How was HIMALAIASKI created?
In 2014, my 40-year gift was a trip to wherever I wanted. I began to assess options: Denali in Alaska, the fjords of northern Norway… but it was very easy for me to decide on Nepal; taking a trip to the Himalayas was a youthful dream that had never come true. When I thought of Nepal, I only imagined trekking trips and expeditions to 8,000-meter peaks, and I really did not feel comfortable with either format.
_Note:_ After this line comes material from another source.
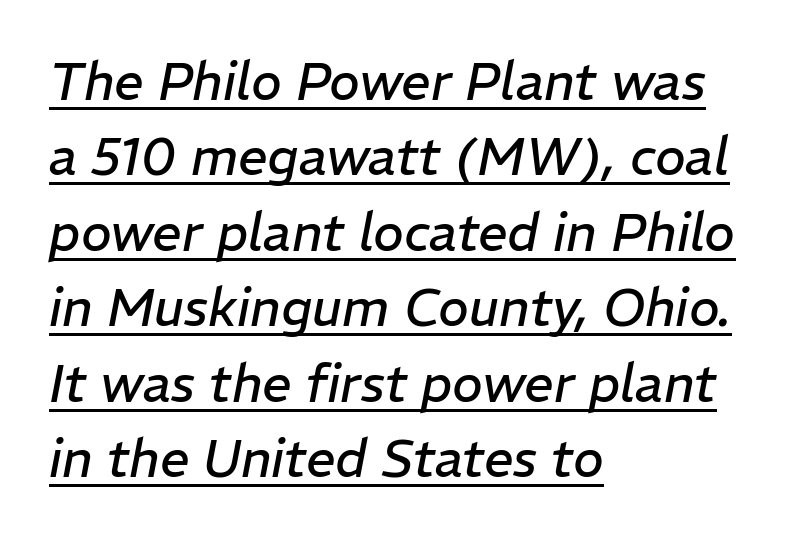
The specimen reads as italic at a glance. Bold? No — there's no thickening of the strokes. The letters sit at their default tracking, neither squeezed nor spread. Like a heading marked for emphasis, these lines bear an underscore. The face used here is proportionally spaced, like ordinary book or web type. This sample is left-justified, so line endings fall wherever the words run out.

The teachers show you the way, it is up to you to follow it or not. Jordi Tosas, a childhood friend, had recently returned from the Himalayas from trying to climb Shisha Pangma (8,013m) with Kilian Jornet and Jordi Coromines in a very unorthodox style. When I spoke with Jordi Tosas, he immediately made me a travel proposal that was exactly what I was looking for:
“We will go on a trip to the Himalayas, specifically to the Langtang valley, very close to the border with Tibet, in the middle of winter and with mountain skis to try to climb some virgin peak. Then we will run back to Kathmandu”
Jordi Tosas explained to me that apart from the eight thousand, there are countless unknown peaks of five and six thousand meters, many have no name, and there are all difficulties. You just have to explore and find the trip to the Himalayas that best suits what you want to do.
The Himalaiaski team:
Lluís Bedós, a fellow adventurer, took less than two minutes to join the project. A few days later, my cousin, Pep Cuberes, who was studying image and sound at the time, asked me if he could come along with a photographer friend, Guillem Casanova, and record a documentary of the trip;
We were a very heterodox group, with very different knowledge: some apprentice filmmakers with some apprentice mountaineers and a guide, Jordi Tosas, who would start us on this new path. The strength of the teams is to add the experience and knowledge of all members.
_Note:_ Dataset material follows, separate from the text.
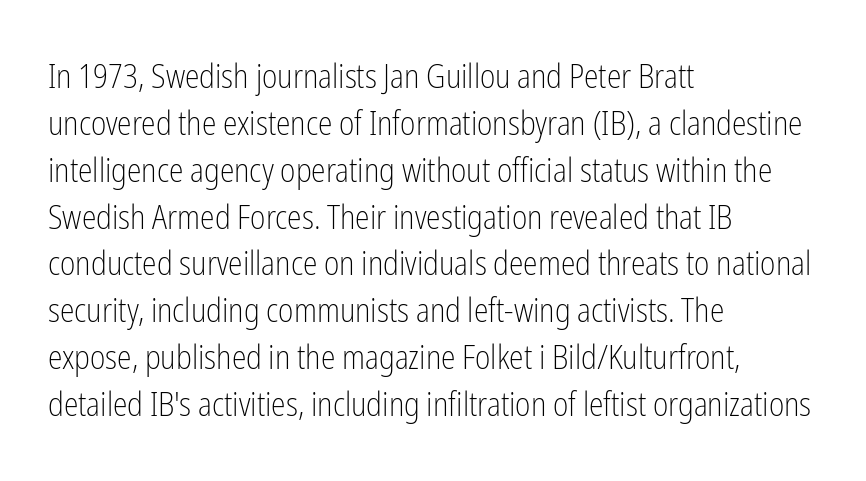
The image shows 33 px light, condensed sans-serif type, upright; set left-aligned, normal line spacing (1.42x), normal letter spacing, not underlined; low stroke contrast and a medium x-height.

After verifying that we could not find any maps or information about the area where we wanted to go, Lluís began to create itineraries and search for peaks with Google Earth, this would be our cartography. Pep encouraged some colleagues from the university to do various jobs that would promote the project, they found a name, Himalaiaski, a logo, they made a first promotional video and a web page. While Guillem took photos to promote the project, I took the most commercial part and gathering everything we had I started looking for sponsors.